Exercise: Please restate the records that follow exactly, skipping their images.

+++

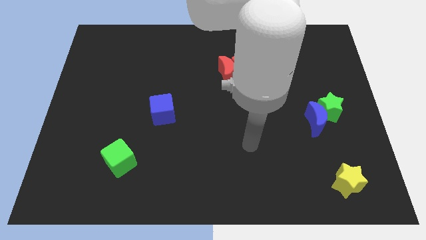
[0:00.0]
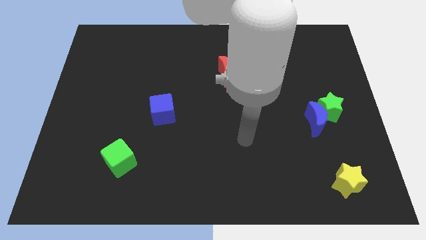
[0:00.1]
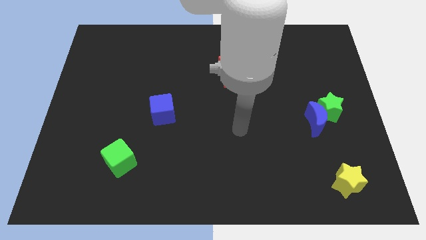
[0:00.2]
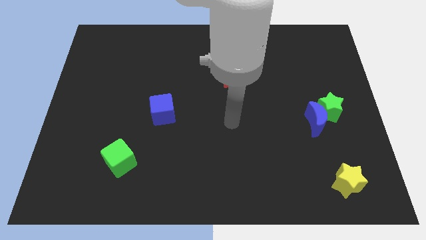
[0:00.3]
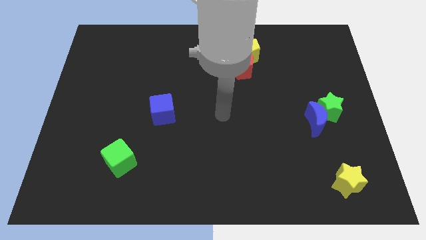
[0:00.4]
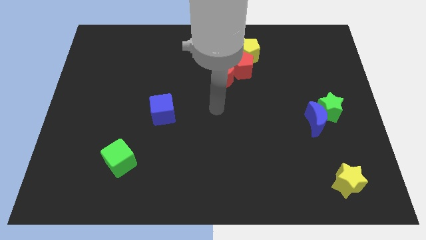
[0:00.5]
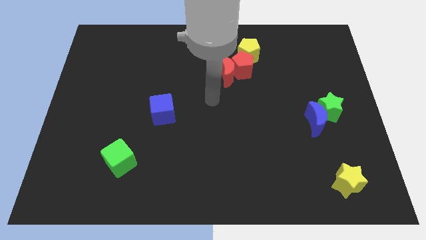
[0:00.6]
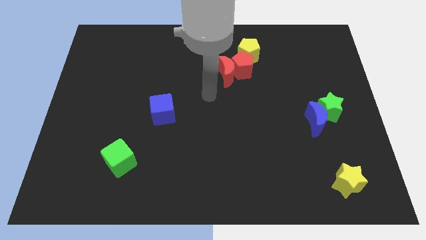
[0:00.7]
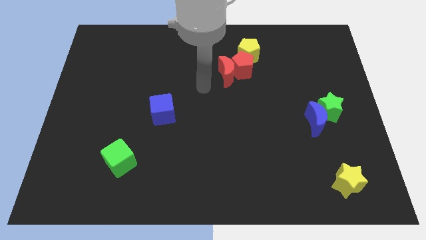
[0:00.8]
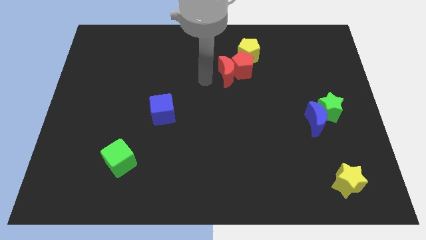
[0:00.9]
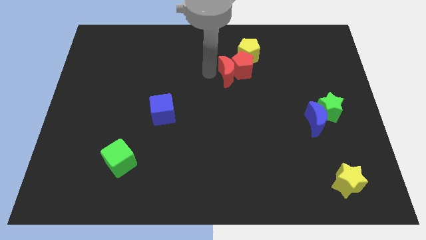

+++

Exercise output:
[0:00.0]
[0:00.1]
[0:00.2]
[0:00.3]
[0:00.4]
[0:00.5]
[0:00.6]
[0:00.7]
[0:00.8]
[0:00.9]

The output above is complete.